Work request
Reproduce every entry exactly as given.

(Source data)
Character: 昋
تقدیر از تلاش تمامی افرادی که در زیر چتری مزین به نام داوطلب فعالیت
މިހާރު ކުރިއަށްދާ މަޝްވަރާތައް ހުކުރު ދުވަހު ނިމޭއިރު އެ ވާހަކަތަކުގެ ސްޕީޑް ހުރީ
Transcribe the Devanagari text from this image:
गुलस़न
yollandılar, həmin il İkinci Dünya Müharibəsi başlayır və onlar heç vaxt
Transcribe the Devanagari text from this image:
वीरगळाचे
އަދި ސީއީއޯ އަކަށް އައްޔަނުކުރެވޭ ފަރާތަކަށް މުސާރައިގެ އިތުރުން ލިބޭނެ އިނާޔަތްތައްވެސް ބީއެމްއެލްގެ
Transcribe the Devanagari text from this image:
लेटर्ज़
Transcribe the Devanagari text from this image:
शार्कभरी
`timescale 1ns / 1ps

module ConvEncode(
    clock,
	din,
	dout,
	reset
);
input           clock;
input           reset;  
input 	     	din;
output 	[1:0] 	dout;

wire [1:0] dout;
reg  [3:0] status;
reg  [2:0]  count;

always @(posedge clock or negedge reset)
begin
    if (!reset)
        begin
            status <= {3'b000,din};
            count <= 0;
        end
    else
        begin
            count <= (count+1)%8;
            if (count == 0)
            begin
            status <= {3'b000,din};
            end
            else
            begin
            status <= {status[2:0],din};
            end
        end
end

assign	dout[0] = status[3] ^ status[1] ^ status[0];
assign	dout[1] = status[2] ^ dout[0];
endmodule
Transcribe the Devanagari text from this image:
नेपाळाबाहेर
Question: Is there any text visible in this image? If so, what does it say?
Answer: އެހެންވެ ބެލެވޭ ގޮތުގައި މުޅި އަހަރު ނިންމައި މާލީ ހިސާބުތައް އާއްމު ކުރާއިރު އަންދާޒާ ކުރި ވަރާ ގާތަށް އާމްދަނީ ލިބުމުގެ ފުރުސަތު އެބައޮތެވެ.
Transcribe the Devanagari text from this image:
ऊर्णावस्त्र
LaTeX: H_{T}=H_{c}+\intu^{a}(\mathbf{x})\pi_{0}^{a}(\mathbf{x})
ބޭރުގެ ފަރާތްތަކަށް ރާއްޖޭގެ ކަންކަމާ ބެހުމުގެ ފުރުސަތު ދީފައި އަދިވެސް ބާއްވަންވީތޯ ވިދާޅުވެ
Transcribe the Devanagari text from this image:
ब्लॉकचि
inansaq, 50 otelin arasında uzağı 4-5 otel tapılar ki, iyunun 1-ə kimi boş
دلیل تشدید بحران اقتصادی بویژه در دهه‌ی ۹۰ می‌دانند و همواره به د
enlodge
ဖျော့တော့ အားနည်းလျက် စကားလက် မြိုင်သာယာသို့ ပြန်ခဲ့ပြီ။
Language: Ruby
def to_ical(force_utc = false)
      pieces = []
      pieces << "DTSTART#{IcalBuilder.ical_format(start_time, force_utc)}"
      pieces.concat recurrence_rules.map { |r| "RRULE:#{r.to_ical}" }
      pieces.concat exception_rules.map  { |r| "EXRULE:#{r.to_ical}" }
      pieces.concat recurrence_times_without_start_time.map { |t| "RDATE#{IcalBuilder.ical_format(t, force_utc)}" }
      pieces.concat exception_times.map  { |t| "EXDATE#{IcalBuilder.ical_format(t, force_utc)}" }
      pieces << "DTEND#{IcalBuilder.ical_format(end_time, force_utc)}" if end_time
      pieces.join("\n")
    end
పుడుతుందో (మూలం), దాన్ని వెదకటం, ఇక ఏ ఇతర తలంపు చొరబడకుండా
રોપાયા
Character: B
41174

Output for this task
Character: 昋
تقدیر از تلاش تمامی افرادی که در زیر چتری مزین به نام داوطلب فعالیت
މިހާރު ކުރިއަށްދާ މަޝްވަރާތައް ހުކުރު ދުވަހު ނިމޭއިރު އެ ވާހަކަތަކުގެ ސްޕީޑް ހުރީ
Transcribe the Devanagari text from this image:
गुलस़न
yollandılar, həmin il İkinci Dünya Müharibəsi başlayır və onlar heç vaxt
Transcribe the Devanagari text from this image:
वीरगळाचे
އަދި ސީއީއޯ އަކަށް އައްޔަނުކުރެވޭ ފަރާތަކަށް މުސާރައިގެ އިތުރުން ލިބޭނެ އިނާޔަތްތައްވެސް ބީއެމްއެލްގެ
Transcribe the Devanagari text from this image:
लेटर्ज़
Transcribe the Devanagari text from this image:
शार्कभरी
`timescale 1ns / 1ps

module ConvEncode(
    clock,
	din,
	dout,
	reset
);
input           clock;
input           reset;  
input 	     	din;
output 	[1:0] 	dout;

wire [1:0] dout;
reg  [3:0] status;
reg  [2:0]  count;

always @(posedge clock or negedge reset)
begin
    if (!reset)
        begin
            status <= {3'b000,din};
            count <= 0;
        end
    else
        begin
            count <= (count+1)%8;
            if (count == 0)
            begin
            status <= {3'b000,din};
            end
            else
            begin
            status <= {status[2:0],din};
            end
        end
end

assign	dout[0] = status[3] ^ status[1] ^ status[0];
assign	dout[1] = status[2] ^ dout[0];
endmodule
Transcribe the Devanagari text from this image:
नेपाळाबाहेर
Question: Is there any text visible in this image? If so, what does it say?
Answer: އެހެންވެ ބެލެވޭ ގޮތުގައި މުޅި އަހަރު ނިންމައި މާލީ ހިސާބުތައް އާއްމު ކުރާއިރު އަންދާޒާ ކުރި ވަރާ ގާތަށް އާމްދަނީ ލިބުމުގެ ފުރުސަތު އެބައޮތެވެ.
Transcribe the Devanagari text from this image:
ऊर्णावस्त्र
LaTeX: H_{T}=H_{c}+\intu^{a}(\mathbf{x})\pi_{0}^{a}(\mathbf{x})
ބޭރުގެ ފަރާތްތަކަށް ރާއްޖޭގެ ކަންކަމާ ބެހުމުގެ ފުރުސަތު ދީފައި އަދިވެސް ބާއްވަންވީތޯ ވިދާޅުވެ
Transcribe the Devanagari text from this image:
ब्लॉकचि
inansaq, 50 otelin arasında uzağı 4-5 otel tapılar ki, iyunun 1-ə kimi boş
دلیل تشدید بحران اقتصادی بویژه در دهه‌ی ۹۰ می‌دانند و همواره به د
enlodge
ဖျော့တော့ အားနည်းလျက် စကားလက် မြိုင်သာယာသို့ ပြန်ခဲ့ပြီ။
Language: Ruby
def to_ical(force_utc = false)
      pieces = []
      pieces << "DTSTART#{IcalBuilder.ical_format(start_time, force_utc)}"
      pieces.concat recurrence_rules.map { |r| "RRULE:#{r.to_ical}" }
      pieces.concat exception_rules.map  { |r| "EXRULE:#{r.to_ical}" }
      pieces.concat recurrence_times_without_start_time.map { |t| "RDATE#{IcalBuilder.ical_format(t, force_utc)}" }
      pieces.concat exception_times.map  { |t| "EXDATE#{IcalBuilder.ical_format(t, force_utc)}" }
      pieces << "DTEND#{IcalBuilder.ical_format(end_time, force_utc)}" if end_time
      pieces.join("\n")
    end
పుడుతుందో (మూలం), దాన్ని వెదకటం, ఇక ఏ ఇతర తలంపు చొరబడకుండా
રોપાયા
Character: B
41174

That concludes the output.